Qwen2-VL-2B-Instruct – Stage 2 (Impression)
1. Model Overview
This model is part of a Vision-Language AI system designed for chest X-ray analysis in Vietnamese clinical settings.
The full pipeline consists of 3 stages:
- Stage 1: Findings generation (image → radiology findings)
- Stage 2: Impression generation (image → clinical impression)
- Stage 3: Multi-turn conversation (findings + impression + dialogue)
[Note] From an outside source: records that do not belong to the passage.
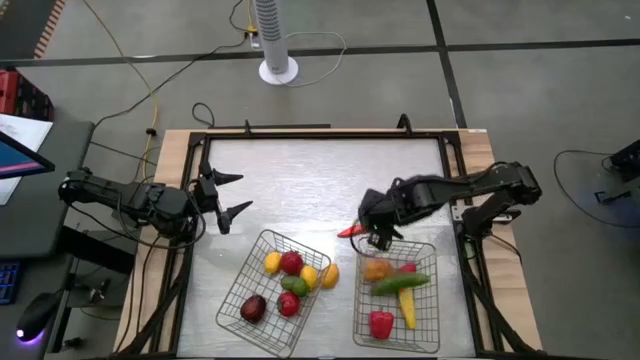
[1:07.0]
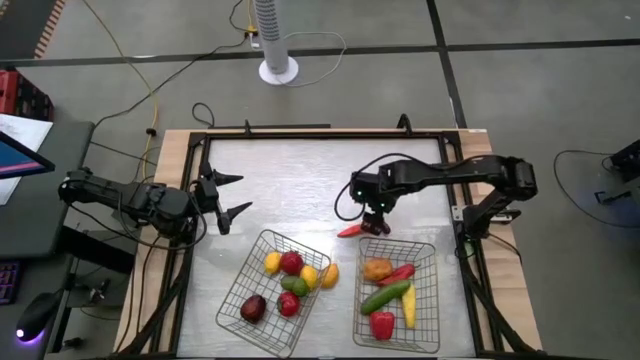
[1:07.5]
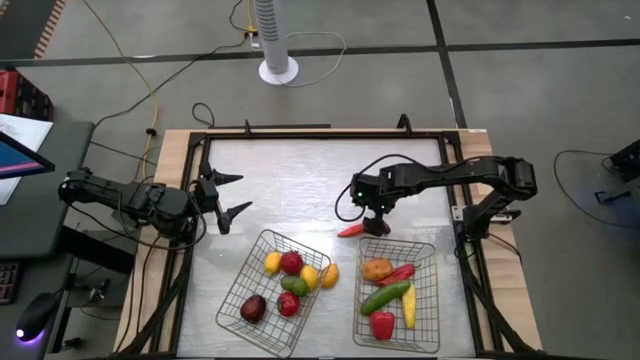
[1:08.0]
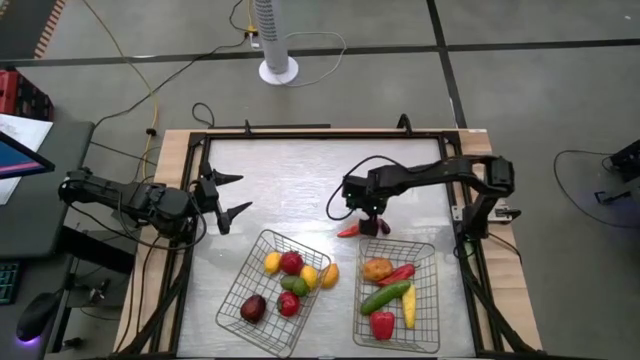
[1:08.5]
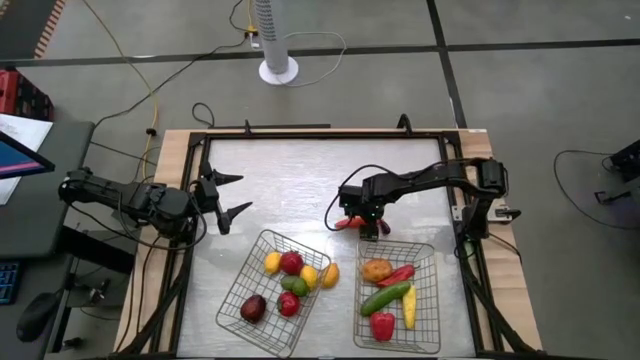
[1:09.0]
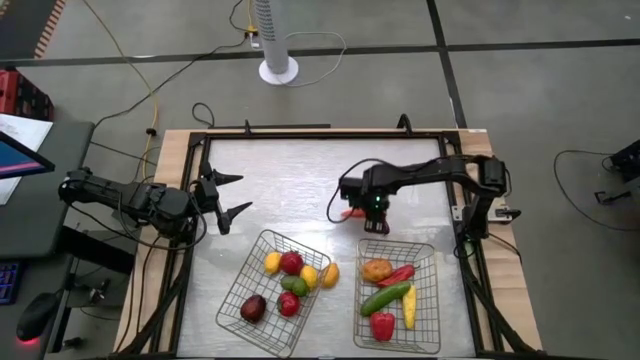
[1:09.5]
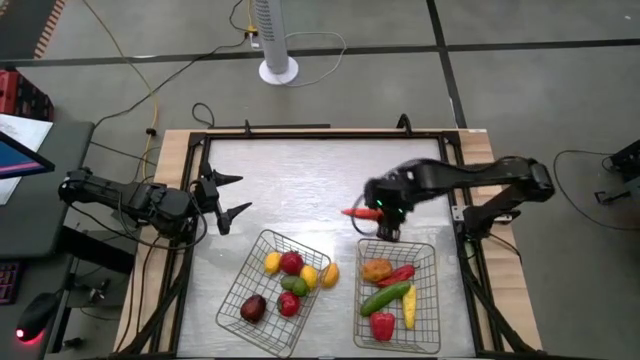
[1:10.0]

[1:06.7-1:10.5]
Put the orange carrot into the right wire basket

This repository corresponds to:
- Stage: 2 (Impression)
- Task: Generate clinical impression (final conclusion) from chest X-ray images
- Domain: Vietnamese medical imaging (Chest X-ray)
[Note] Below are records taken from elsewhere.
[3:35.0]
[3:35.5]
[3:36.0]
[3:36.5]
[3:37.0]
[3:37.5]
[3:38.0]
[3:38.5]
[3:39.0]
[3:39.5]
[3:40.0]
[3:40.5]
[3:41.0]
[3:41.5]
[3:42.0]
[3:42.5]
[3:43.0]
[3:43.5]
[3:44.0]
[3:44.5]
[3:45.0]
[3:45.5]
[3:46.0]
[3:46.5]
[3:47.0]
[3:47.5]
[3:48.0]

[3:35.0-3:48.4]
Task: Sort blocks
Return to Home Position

The model is fine-tuned from Qwen2-VL and evaluated against multiple architectures (InternVL, Vintern, Qwen2-VL, MiniCPM-V, LaVy).
Among all models, Qwen2-VL-7B achieved the best performance, but this model is provided for benchmarking and comparison.
2. Installation
pip install torch torchvision transformers qwen-vl-utils pillow
3. Inference
GPU is recommended.
from transformers import Qwen2VLForConditionalGeneration, AutoProcessor
from qwen_vl_utils import process_vision_info
import torch
model = Qwen2VLForConditionalGeneration.from_pretrained(
"THP2903/Qwen2-VL-2B-Instruct_impression",
torch_dtype="auto",
device_map="auto"
)
processor = AutoProcessor.from_pretrained("THP2903/Qwen2-VL-2B-Instruct_impression")
messages = [
{
"role": "user",
"content": [
{
"type": "image",
"image": "your_image.jpg",
},
{
"type": "text",
"text": "Ảnh chụp xray benh nhân nam, 48 tuổi PA ket luan bị gì?",
},
],
}
]
text = processor.apply_chat_template(
messages,
tokenize=False,
add_generation_prompt=True
)
image_inputs, video_inputs = process_vision_info(messages)
inputs = processor(
text=[text],
images=image_inputs,
videos=video_inputs,
padding=True,
return_tensors="pt",
)
inputs = inputs.to("cuda")
generated_ids = model.generate(**inputs, max_new_tokens=512)
generated_ids_trimmed = [
out_ids[len(in_ids):] for in_ids, out_ids in zip(inputs.input_ids, generated_ids)
]
output_text = processor.batch_decode(
generated_ids_trimmed,
skip_special_tokens=True,
clean_up_tokenization_spaces=False
)
print(output_text)
4. Notes
- Input must be a chest X-ray image
- Output is the final clinical impression (diagnostic conclusion)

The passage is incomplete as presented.